细粒度视觉分类旨在识别属于超类别内多个子类别的对象。然而,这仍然是一个具有挑战性的问题,因为仅依靠外观信息往往不足以准确区分细粒度视觉类别。为了解决这一问题,我们提出了一个利用元信息辅助细粒度识别的全新统一框架。我们通过跨对比预训练来解决视觉和元信息的联合学习问题。在第一阶段,我们使用三个编码器分别处理图像、文本和元信息,通过对齐它们的投影嵌入来实现更好的表示。然后,我们对图像和元信息编码器进行微调,以完成分类任务。在NABirds数据集上的实验表明,我们的框架有效地利用了元信息来提高细粒度识别性能。通过添加元信息,我们的框架在NABirds上的表现超过了当前基线7.83%。此外,在NABirds数据集上,它达到了84.44%的准确率,超越了许多利用元信息的现有最先进的方法。
论文及项目相关链接
PDF 9 pages, 4 figures. Submitted to arXiv
Summary
该文本提出了一种利用元信息辅助精细粒度识别的统一框架,通过跨对比预训练联合学习视觉和元信息。该框架使用图像、文本和元信息三个编码器,对齐它们的投影嵌入以实现更好的表示,然后对图像和元信息编码器进行微调以进行分类任务。在NABirds数据集上的实验表明,该框架利用元信息有效提高了精细粒度识别的性能,超越了当前基线7.83%,并实现了84.44%的准确率,超越了许多现有的先进方法。
Key Takeaways
- 文本提出了一种新的统一框架,利用元信息辅助精细粒度识别。
- 该框架通过跨对比预训练联合学习视觉和元信息。
- 使用了图像、文本和元信息三个编码器,并进行了投影嵌入对齐。
- 通过微调图像和元信息编码器,实现了更好的分类性能。
- 在NABirds数据集上的实验结果表明,该框架利用元信息提高了精细粒度识别的准确率。

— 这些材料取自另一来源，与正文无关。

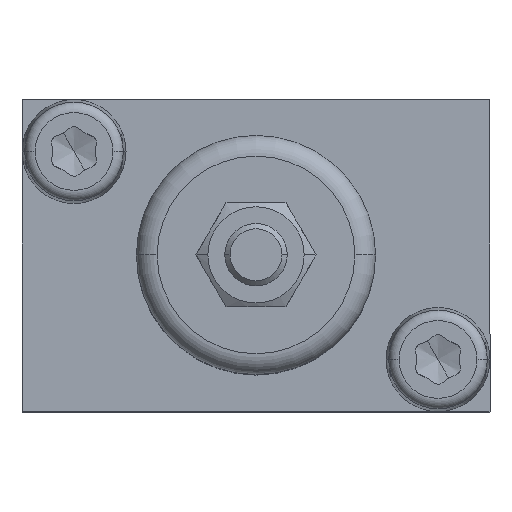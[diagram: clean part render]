
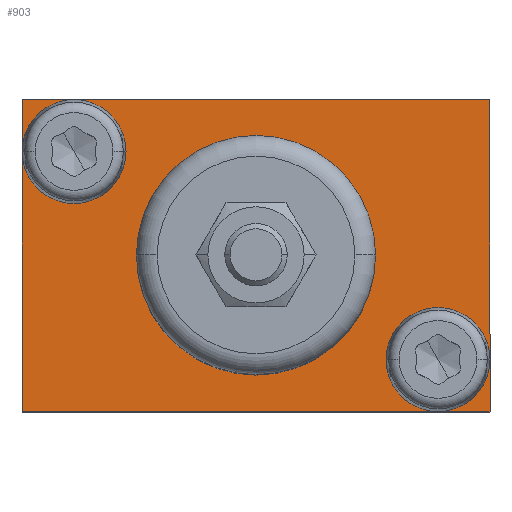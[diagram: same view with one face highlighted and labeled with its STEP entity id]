
A CAD part, top view. The second image highlights one B-rep face of the part: STEP entity #903.
In plain terms, the highlighted planar face has unit normal (0, 0, 1).
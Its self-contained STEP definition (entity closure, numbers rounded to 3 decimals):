
#190 = VECTOR ( 'NONE', #1768, 1000. ) ;
#191 = CIRCLE ( 'NONE', #1545, 11.5 ) ;
#195 = LINE ( 'NONE', #1801, #190 ) ;
#212 = VECTOR ( 'NONE', #2111, 1000. ) ;
#213 = CIRCLE ( 'NONE', #1555, 3.4 ) ;
#214 = VECTOR ( 'NONE', #2122, 1000. ) ;
#215 = LINE ( 'NONE', #2118, #212 ) ;
#216 = VECTOR ( 'NONE', #2393, 1000. ) ;
#218 = LINE ( 'NONE', #2391, #216 ) ;
#220 = LINE ( 'NONE', #2386, #214 ) ;
#222 = CIRCLE ( 'NONE', #1559, 3.4 ) ;
#237 = CIRCLE ( 'NONE', #1564, 3.4 ) ;
#245 = CIRCLE ( 'NONE', #1567, 11.5 ) ;
#247 = CIRCLE ( 'NONE', #1569, 3.4 ) ;
#343 = FACE_OUTER_BOUND ( 'NONE', #2841, .T. ) ;
#347 = FACE_BOUND ( 'NONE', #2859, .T. ) ;
#349 = FACE_BOUND ( 'NONE', #2857, .T. ) ;
#352 = FACE_BOUND ( 'NONE', #2858, .T. ) ;
#903 = ADVANCED_FACE ( 'NONE', ( #352, #343, #347, #349 ), #2596, .T. ) ;
#1248 = ORIENTED_EDGE ( 'NONE', *, *, #1617, .T. ) ;
#1250 = ORIENTED_EDGE ( 'NONE', *, *, #1576, .F. ) ;
#1254 = ORIENTED_EDGE ( 'NONE', *, *, #1462, .F. ) ;
#1275 = ORIENTED_EDGE ( 'NONE', *, *, #1507, .F. ) ;
#1284 = ORIENTED_EDGE ( 'NONE', *, *, #1574, .T. ) ;
#1287 = ORIENTED_EDGE ( 'NONE', *, *, #1558, .F. ) ;
#1288 = ORIENTED_EDGE ( 'NONE', *, *, #1565, .T. ) ;
#1289 = ORIENTED_EDGE ( 'NONE', *, *, #1573, .T. ) ;
#1327 = VERTEX_POINT ( 'NONE', #2336 ) ;
#1336 = VERTEX_POINT ( 'NONE', #2395 ) ;
#1337 = VERTEX_POINT ( 'NONE', #2394 ) ;
#1338 = VERTEX_POINT ( 'NONE', #2409 ) ;
#1342 = VERTEX_POINT ( 'NONE', #2403 ) ;
#1352 = VERTEX_POINT ( 'NONE', #2414 ) ;
#1353 = VERTEX_POINT ( 'NONE', #2415 ) ;
#1354 = VERTEX_POINT ( 'NONE', #2419 ) ;
#1356 = VERTEX_POINT ( 'NONE', #2433 ) ;
#1366 = VERTEX_POINT ( 'NONE', #2297 ) ;
#1370 = ORIENTED_EDGE ( 'NONE', *, *, #1622, .F. ) ;
#1462 = EDGE_CURVE ( 'NONE', #1366, #1352, #247, .T. ) ;
#1466 = EDGE_CURVE ( 'NONE', #1327, #1354, #245, .T. ) ;
#1507 = EDGE_CURVE ( 'NONE', #1338, #1356, #237, .T. ) ;
#1545 = AXIS2_PLACEMENT_3D ( 'NONE', #2368, #2427, #2417 ) ;
#1555 = AXIS2_PLACEMENT_3D ( 'NONE', #2097, #2461, #2459 ) ;
#1558 = EDGE_CURVE ( 'NONE', #1352, #1366, #222, .T. ) ;
#1559 = AXIS2_PLACEMENT_3D ( 'NONE', #1797, #2133, #2131 ) ;
#1564 = AXIS2_PLACEMENT_3D ( 'NONE', #1778, #1747, #1755 ) ;
#1565 = EDGE_CURVE ( 'NONE', #1353, #1342, #218, .T. ) ;
#1567 = AXIS2_PLACEMENT_3D ( 'NONE', #2301, #2311, #2372 ) ;
#1569 = AXIS2_PLACEMENT_3D ( 'NONE', #2094, #2463, #2467 ) ;
#1573 = EDGE_CURVE ( 'NONE', #1342, #1337, #220, .T. ) ;
#1574 = EDGE_CURVE ( 'NONE', #1337, #1336, #215, .T. ) ;
#1576 = EDGE_CURVE ( 'NONE', #1356, #1338, #213, .T. ) ;
#1617 = EDGE_CURVE ( 'NONE', #1336, #1353, #195, .T. ) ;
#1622 = EDGE_CURVE ( 'NONE', #1354, #1327, #191, .T. ) ;
#1654 = AXIS2_PLACEMENT_3D ( 'NONE', #2598, #2601, #2595 ) ;
#1747 = DIRECTION ( 'NONE',  ( 0., 0., 1. ) ) ;
#1755 = DIRECTION ( 'NONE',  ( 1., 0., 0. ) ) ;
#1768 = DIRECTION ( 'NONE',  ( 1., 0., 0. ) ) ;
#1778 = CARTESIAN_POINT ( 'NONE',  ( -17.5, 10., 6. ) ) ;
#1797 = CARTESIAN_POINT ( 'NONE',  ( 17.5, -10., 6. ) ) ;
#1801 = CARTESIAN_POINT ( 'NONE',  ( -22.5, -15., 6. ) ) ;
#2094 = CARTESIAN_POINT ( 'NONE',  ( 17.5, -10., 6. ) ) ;
#2097 = CARTESIAN_POINT ( 'NONE',  ( -17.5, 10., 6. ) ) ;
#2111 = DIRECTION ( 'NONE',  ( 0., -1., 0. ) ) ;
#2118 = CARTESIAN_POINT ( 'NONE',  ( -22.5, 15., 6. ) ) ;
#2122 = DIRECTION ( 'NONE',  ( -1., 0., 0. ) ) ;
#2131 = DIRECTION ( 'NONE',  ( 1., 0., 0. ) ) ;
#2133 = DIRECTION ( 'NONE',  ( 0., 0., 1. ) ) ;
#2297 = CARTESIAN_POINT ( 'NONE',  ( 14.1, -10., 6. ) ) ;
#2301 = CARTESIAN_POINT ( 'NONE',  ( 0., 0., 6. ) ) ;
#2311 = DIRECTION ( 'NONE',  ( 0., 0., 1. ) ) ;
#2336 = CARTESIAN_POINT ( 'NONE',  ( 11.5, 0., 6. ) ) ;
#2368 = CARTESIAN_POINT ( 'NONE',  ( 0., 0., 6. ) ) ;
#2372 = DIRECTION ( 'NONE',  ( 1., 0., 0. ) ) ;
#2386 = CARTESIAN_POINT ( 'NONE',  ( -22.5, 15., 6. ) ) ;
#2391 = CARTESIAN_POINT ( 'NONE',  ( 22.5, 15., 6. ) ) ;
#2393 = DIRECTION ( 'NONE',  ( 0., 1., 0. ) ) ;
#2394 = CARTESIAN_POINT ( 'NONE',  ( -22.5, 15., 6. ) ) ;
#2395 = CARTESIAN_POINT ( 'NONE',  ( -22.5, -15., 6. ) ) ;
#2403 = CARTESIAN_POINT ( 'NONE',  ( 22.5, 15., 6. ) ) ;
#2409 = CARTESIAN_POINT ( 'NONE',  ( -20.9, 10., 6. ) ) ;
#2414 = CARTESIAN_POINT ( 'NONE',  ( 20.9, -10., 6. ) ) ;
#2415 = CARTESIAN_POINT ( 'NONE',  ( 22.5, -15., 6. ) ) ;
#2417 = DIRECTION ( 'NONE',  ( 1., 0., 0. ) ) ;
#2419 = CARTESIAN_POINT ( 'NONE',  ( -11.5, 0., 6. ) ) ;
#2427 = DIRECTION ( 'NONE',  ( 0., 0., 1. ) ) ;
#2433 = CARTESIAN_POINT ( 'NONE',  ( -14.1, 10., 6. ) ) ;
#2459 = DIRECTION ( 'NONE',  ( 1., 0., 0. ) ) ;
#2461 = DIRECTION ( 'NONE',  ( 0., 0., 1. ) ) ;
#2463 = DIRECTION ( 'NONE',  ( 0., 0., 1. ) ) ;
#2467 = DIRECTION ( 'NONE',  ( 1., 0., 0. ) ) ;
#2595 = DIRECTION ( 'NONE',  ( 1., 0., 0. ) ) ;
#2596 = PLANE ( 'NONE',  #1654 ) ;
#2598 = CARTESIAN_POINT ( 'NONE',  ( 0., 0., 6. ) ) ;
#2601 = DIRECTION ( 'NONE',  ( 0., 0., 1. ) ) ;
#2841 = EDGE_LOOP ( 'NONE', ( #1288, #1289, #1284, #1248 ) ) ;
#2857 = EDGE_LOOP ( 'NONE', ( #1370, #3045 ) ) ;
#2858 = EDGE_LOOP ( 'NONE', ( #1254, #1287 ) ) ;
#2859 = EDGE_LOOP ( 'NONE', ( #1275, #1250 ) ) ;
#3045 = ORIENTED_EDGE ( 'NONE', *, *, #1466, .F. ) ;

- 该框架超越了当前基线7.83%,并实现了84.44%的准确率。
点此查看论文截图





Towards Accurate and Interpretable Neuroblastoma Diagnosis via Contrastive Multi-scale Pathological Image Analysis
Authors:Zhu Zhu, Shuo Jiang, Jingyuan Zheng, Yawen Li, Yifei Chen, Manli Zhao, Weizhong Gu, Feiwei Qin, Jinhu Wang, Gang Yu
Neuroblastoma, adrenal-derived, is among the most common pediatric solid malignancies, characterized by significant clinical heterogeneity. Timely and accurate pathological diagnosis from hematoxylin and eosin-stained whole slide images is critical for patient prognosis. However, current diagnostic practices primarily rely on subjective manual examination by pathologists, leading to inconsistent accuracy. Existing automated whole slide image classification methods encounter challenges such as poor interpretability, limited feature extraction capabilities, and high computational costs, restricting their practical clinical deployment. To overcome these limitations, we propose CMSwinKAN, a contrastive-learning-based multi-scale feature fusion model tailored for pathological image classification, which enhances the Swin Transformer architecture by integrating a Kernel Activation Network within its multilayer perceptron and classification head modules, significantly improving both interpretability and accuracy. By fusing multi-scale features and leveraging contrastive learning strategies, CMSwinKAN mimics clinicians’ comprehensive approach, effectively capturing global and local tissue characteristics. Additionally, we introduce a heuristic soft voting mechanism guided by clinical insights to seamlessly bridge patch-level predictions to whole slide image-level classifications. We validate CMSwinKAN on the PpNTs dataset, which was collaboratively established with our partner hospital and the publicly accessible BreakHis dataset. Results demonstrate that CMSwinKAN performs better than existing state-of-the-art pathology-specific models pre-trained on large datasets. Our source code is available at https://github.com/JSLiam94/CMSwinKAN.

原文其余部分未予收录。